Before Spanglish had a physical location to call its own, it was first introduced to Charleston as part of The Workshop, which serves as kind of a rotating test kitchen for new restaurant concepts in downtown Charleston. After a six-month stint at the experimental food court, the Prados began aggressively looking for a permanent home for their eatery. But folks who had already developed a taste for their fresh take on Cuban-American fare couldn’t wait. And so for the last year, Spanglish existed as a pop-up, showing up regularly around town at spots like The Daily and Palmetto Brewery downtown and in West Ashley at Charlestowne Fermentory and Craft Conundrum, which closed earlier this year.

When the Bluerose Café space became available, Lynda Prado knew they had found a home for their restaurant. “We loved the idea of coming to West Ashley. Not only is it a wonderful location, but we wanted to be a part of the neighborhood,” she says, who appreciates the history of the building and the loyal customer base that the original Bluerose Café had built within the community. She hopes Spanglish will establish a similar place in the hearts of the West Ashley community.

“So far it’s been incredible. More than I expected. Just in the first couple weeks, we’ve had quite a few regulars who have come in numerous times,” says Lynda. With the sleek Miami-inspired neon vibe, the inside of the building looks completely different than Bluerose. However patrons might see a couple glimpses of the old Irish café. For one, the shamrocks that were etched into the patio remain. “I wanted to keep that because there’s a little history that comes with the neighborhood,” says Lynda. “We wanted to honor that. But at the same time we want to offer something fresh and new.”

While Spanglish might be a big deviation from the building’s former tenant, Lynda hopes Bluerose patrons will give Spanglish a chance. “What we’re doing is approachable because the food is very approachable. I like to say ‘it’s a warm culinary hug,’” she says. “The concept is a Cuban-American concept. We’re keeping the traditional Cuban flavors and giving it a modern twist. But it is NOT fusion.”

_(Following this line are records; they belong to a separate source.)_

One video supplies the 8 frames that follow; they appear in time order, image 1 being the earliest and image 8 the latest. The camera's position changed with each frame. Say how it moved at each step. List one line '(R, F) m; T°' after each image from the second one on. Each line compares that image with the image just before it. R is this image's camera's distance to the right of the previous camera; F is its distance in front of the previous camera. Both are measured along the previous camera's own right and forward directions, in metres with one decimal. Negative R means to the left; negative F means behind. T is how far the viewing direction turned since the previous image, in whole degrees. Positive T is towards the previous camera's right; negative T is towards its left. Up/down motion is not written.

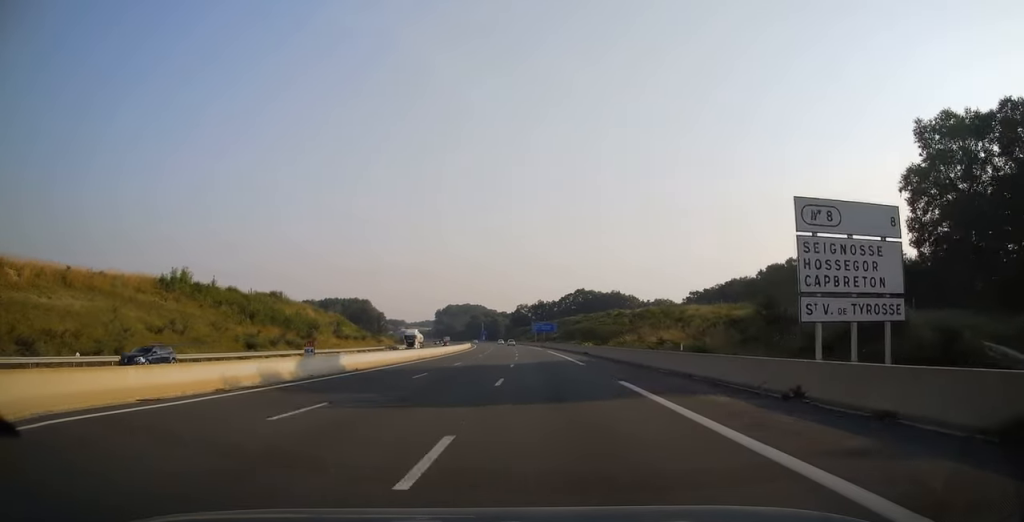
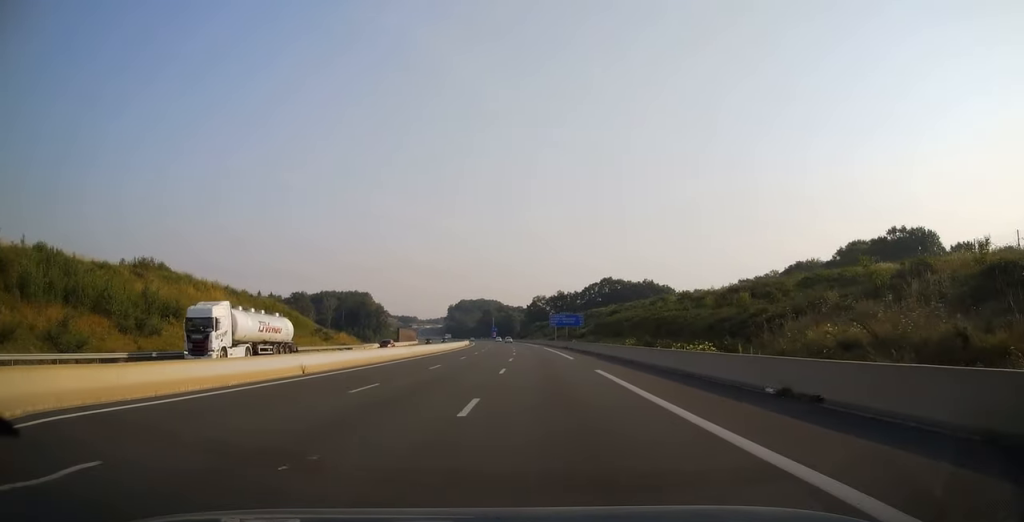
(-0.9, +46.3) m; -2°
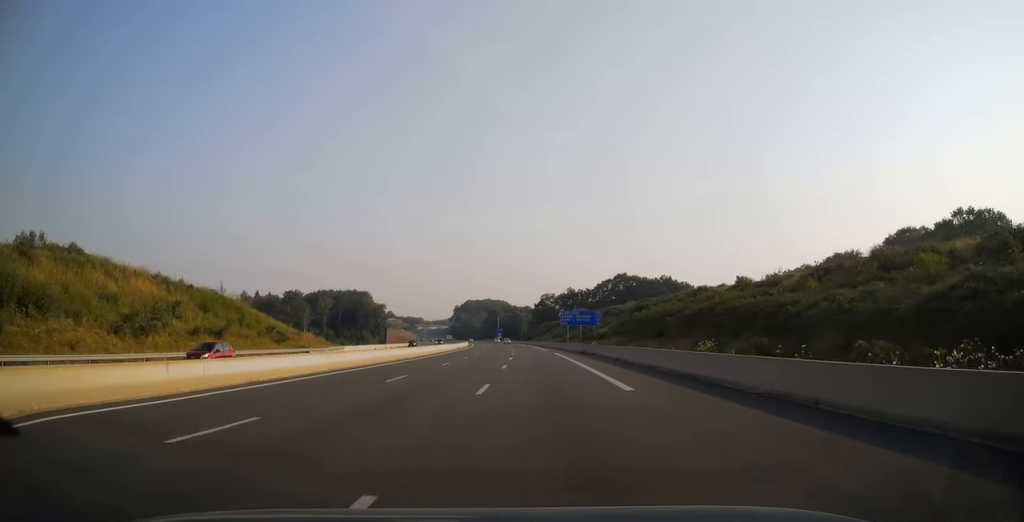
(-0.2, +21.0) m; -1°
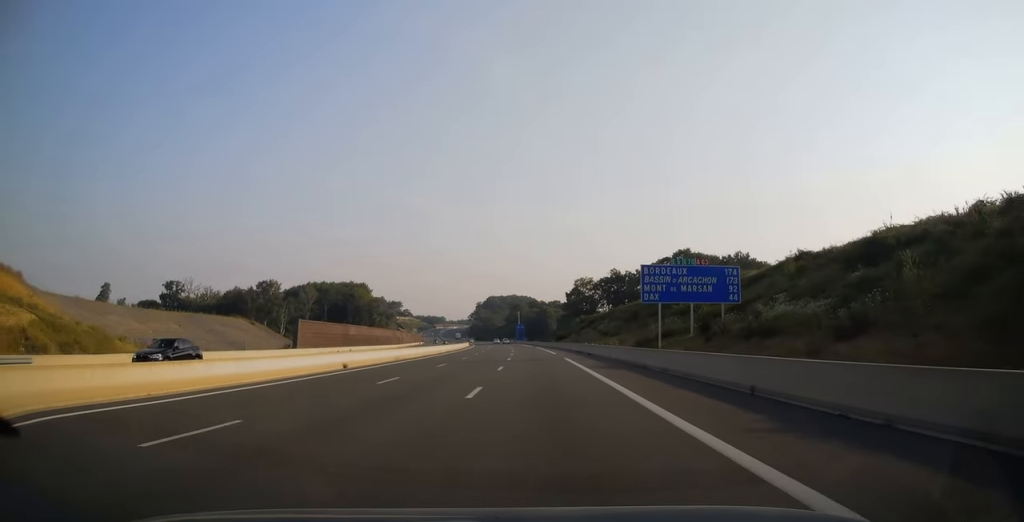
(-1.5, +64.7) m; -3°
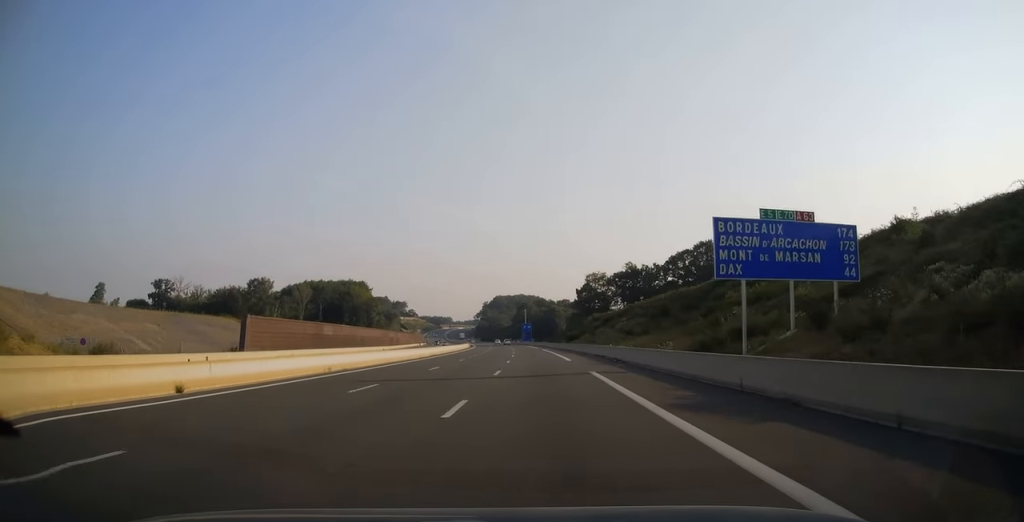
(-0.1, +16.2) m; -1°
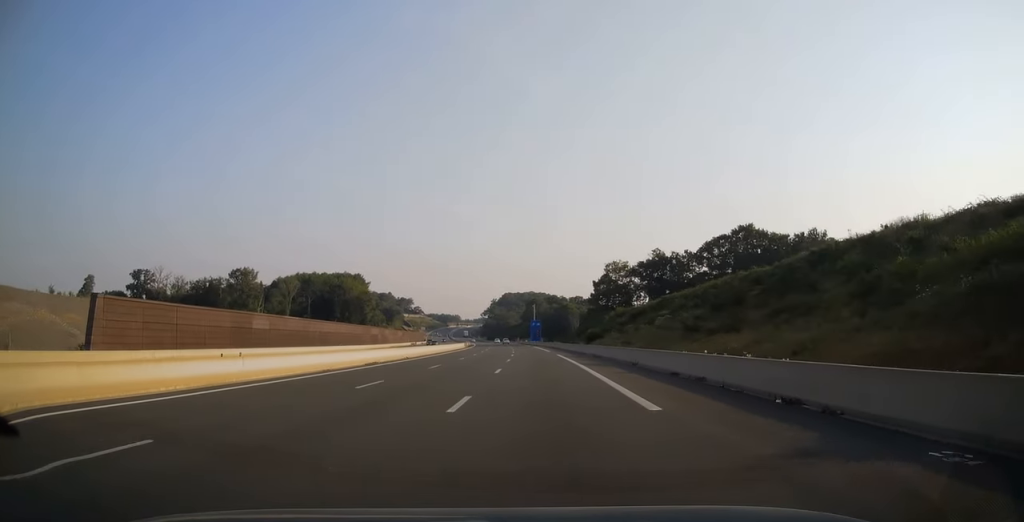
(-0.2, +25.0) m; -1°
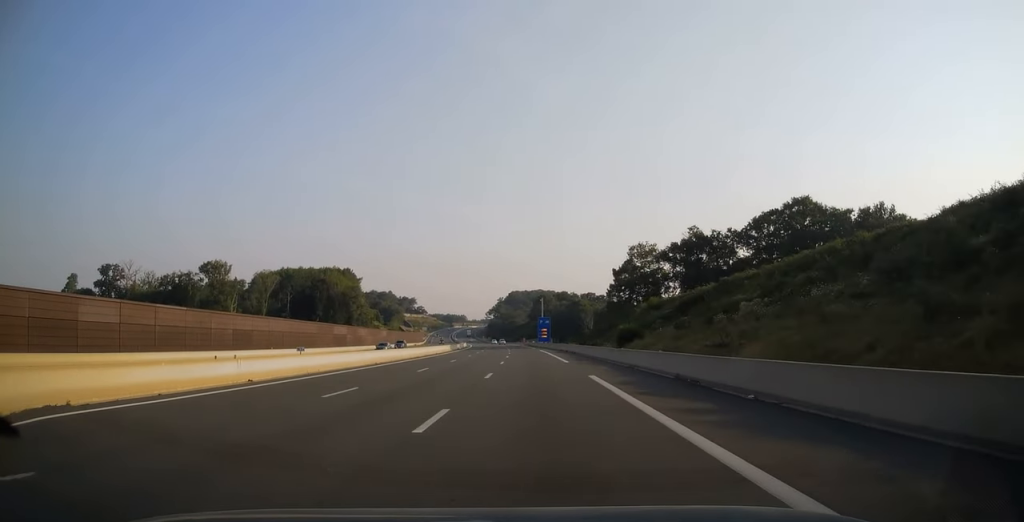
(-0.3, +27.9) m; -1°
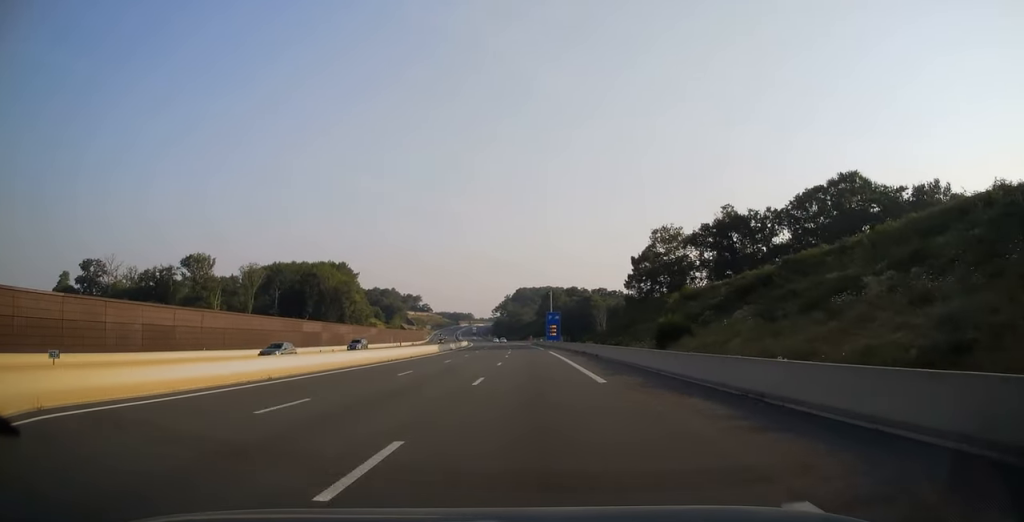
(-0.1, +16.7) m; -1°

Less than a month since officially opening, the response has been incredible, according to Lynda. She says when they first opened their doors they were selling out of food almost nightly and there were often hours-long waits. But she recognizes that these are “good problems” for any new business and says that they are finding their groove and is grateful for the community’s response.

Currently open Tuesday through Saturday for dinner service only, Lynda says there are plans for Spanglish to open for lunch in the very near future and adds that brunch is also in the cards. Also, she says they’re applied and are currently awaiting a liquor license. But for the time being, Lynda encourages patrons to bring your own bottle of wine or favorite beer. But she also points out that Spanglish offers some seriously delicious mocktails, too.

As far as the food goes, Lynda says some of the favorites so far have been the beef empanads and the Cuban sandwich, which includes slow-roasted pork, country ham, house pickles, house mustard, aged Alpine cheese, served on authentic Cuban bread. Another popular entrée has been Spanglish’s take on Ropa Vieja, known as the “national dish of Cuba.” The Spanglish version includes braised all-natural Angus flank steak, tomatoes, peppers, capers, and parsley.

Both Lynda and Tomas were born and raised in South Florida by Cuban families. Lynda was born in Miami and Tomas was born in Hialeah, just north of Miami. This comes through not only in the cuisine that Tomas creates, but in Lynda’s creative vision for the interior design of Spanglish. The aesthetic is simple— minimal, Miami inspired, casually cool with lots of pink and neon.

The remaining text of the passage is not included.